At night Joe sat at the kitchen table and let the black-and-white cat pace the top, butting up against him. What was at the corner of a cat’s mouth, that they needed so much affection focused there? Never mind. He did not think the cat was the ghost of Leviticus Sprague, as some of the bowlers suggested, but he did believe the spirits were acquainted.
The man who
said he was Nahum Truitt had no interest in The Game, not the business side nor the playing of it. He would say, when Joe Wear explained something to him, “I understand only the souls of men.” Sometimes he’d watch the bowlers and examine their movements with such intensity he ruined the game. You almost thought he was studying how to be a human man. He took a room at the YMCA down the street, though Joe Wear offered the apartment. “You pay rent?” asked Nahum. After a moment, Joe said, “Part of my wages.” “Well then, no need,” said Nahum, “moreover: the place has a case of cats.”
“This is till we get settled elsewhere,” he said sometimes, or “Till we decide for sure concerning the Commonwealth of Massachusetts.” He referred, always, to the Commonwealth of Massachusetts and the State of Maine. Either he felt there was a strong distinction, or he just liked the lard of extra words. We was royal, or referred to him and his wife back in Maine, or the partnership of Nahum Truitt and God: there was no telling. His beard thickened. The stand of his hair seemed to be cut daily, but from a distance. He gave up his minister’s collar and took to wearing dark pants and a vest striped like mattress ticking. He drew no salary from Truitt’s Alleys.

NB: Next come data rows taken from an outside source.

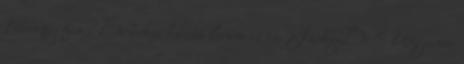
Rumpy fia? Érdekes húzás lenne ez is. JackyD: Ugyanez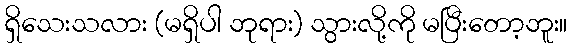
ရှိသေးသလား (မရှိပါ ဘုရား) သွားလို့ကို မပြီးတော့ဘူး။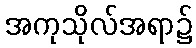
အကုသိုလ်အရာ၌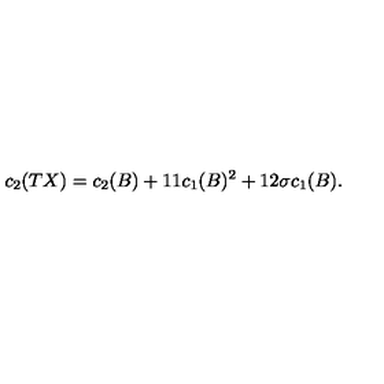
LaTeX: c _ { 2 } ( T X ) = c _ { 2 } ( B ) + 1 1 c _ { 1 } ( B ) ^ { 2 } + 1 2 \sigma c _ { 1 } ( B ) .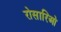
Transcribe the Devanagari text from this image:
रोसारिओ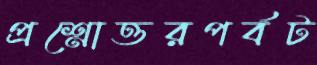
প্রশ্নোত্তরপর্বট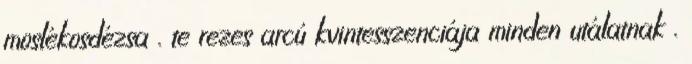
moslékosdézsa . te rezes arcú kvintesszenciája minden utálatnak .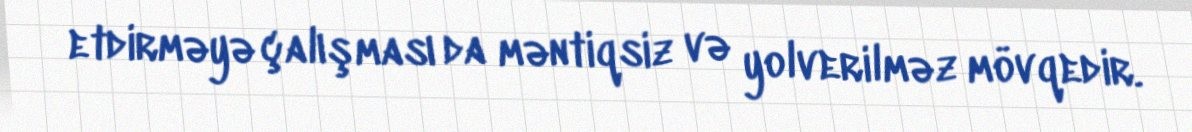
etdirməyə çalışması da məntiqsiz və yolverilməz mövqedir.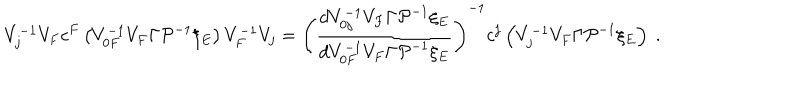
V _ { j } ^ { - 1 } V _ { F } c ^ { F } \left( V _ { 0 F } ^ { - 1 } V _ { F } \Gamma { \cal P } ^ { - 1 } \xi _ { E } \right) V _ { F } ^ { - 1 } V _ { j } = \left( \frac { d V _ { 0 j } ^ { - 1 } V _ { F } \Gamma { \cal P } ^ { - 1 } \xi _ { E } } { d V _ { 0 F } ^ { - 1 } V _ { F } \Gamma { \cal P } ^ { - 1 } \xi _ { E } } \right) ^ { - 1 } c ^ { j } \left( V _ { j } ^ { - 1 } V _ { F } \Gamma { \cal P } ^ { - 1 } \xi _ { E } \right) \ .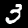
Label: 3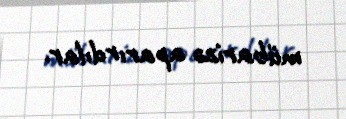
mübarizə aparırdılar.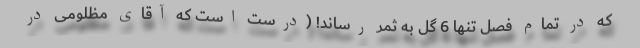
که در تمام فصل تنها 6 گل به ثمر رساند! (درست است که آقای مظلومی در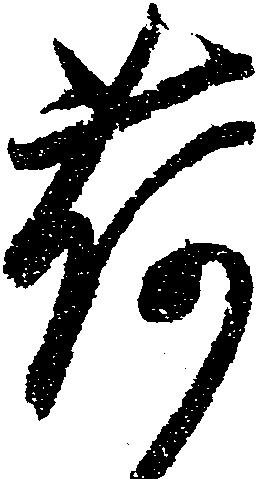
荷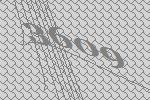
3609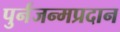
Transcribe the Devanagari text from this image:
पुर्नजन्मप्रदान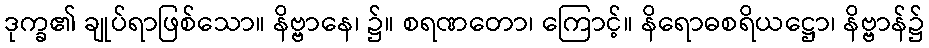
ဒုက္ခ၏ ချုပ်ရာဖြစ်သော။ နိဗ္ဗာနေ၊ ၌။ စရဏတော၊ ကြောင့်။ နိရောဓစရိယဋ္ဌော၊ နိဗ္ဗာန်၌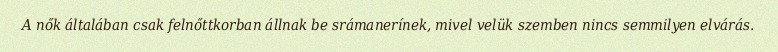
A nők általában csak felnőttkorban állnak be srámanerínek, mivel velük szemben nincs semmilyen elvárás.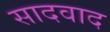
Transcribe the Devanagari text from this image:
सादवाद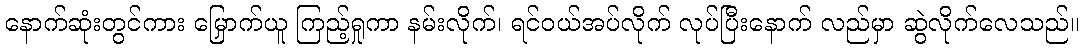
နောက်ဆုံးတွင်ကား မြှောက်ယူ ကြည့်ရှုကာ နမ်းလိုက်၊ ရင်ဝယ်အပ်လိုက် လုပ်ပြီးနောက် လည်မှာ ဆွဲလိုက်လေသည်။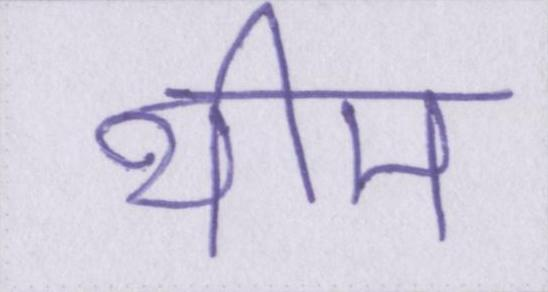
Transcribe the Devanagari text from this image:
थीम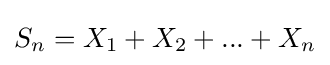
S_{n}=X_{1}+X_{2}+...+X_{n}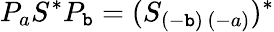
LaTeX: P_{a}S^{\ast}P_{\mathtt{b}}=(S_{(-\mathtt{b})\, (-a)})^{\ast}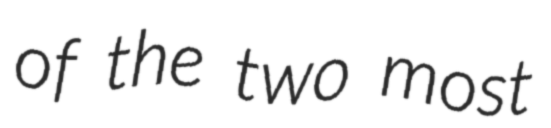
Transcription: of the two most

“That’s all right, boss,” he’d say to Joe Wear. “You just put it in the bank.”
He’d vanish for weeks then show back up, sometimes wilder and sometimes barbered. “A great success!” he’d tell Joe Wear. “Our revival. We saved dozens of souls up in the State of Maine. Oh, at first they resisted, at first they clung to their bottles and their gambling, to their sin, to their darkness—isn’t that a terrible thing, Joe Wear, how the darkness fools you into thinking it’s a boon, fools you into thinking it’s interesting—but they come to us eventual! Hundreds!”
“I thought you said dozens.”
“I reckon hundreds,” said Nahum Truitt.
At any moment, Nahum Truitt might drift away, end up on a boat or in the belly of a whale, go back to the Church of the Woods and his Wife of the Woods and whatever else (children, grandchildren, a lobster farm) was in the Goddamn Woods. Nobody believed that this so-called Nahum Truitt was a child of Bertha’s. The height of him, the denunciations, the way he talked. You could die of boredom. You longed to. They imagined Nahum Truitt would close the bowling alley and convert it to a storefront church, or a mission.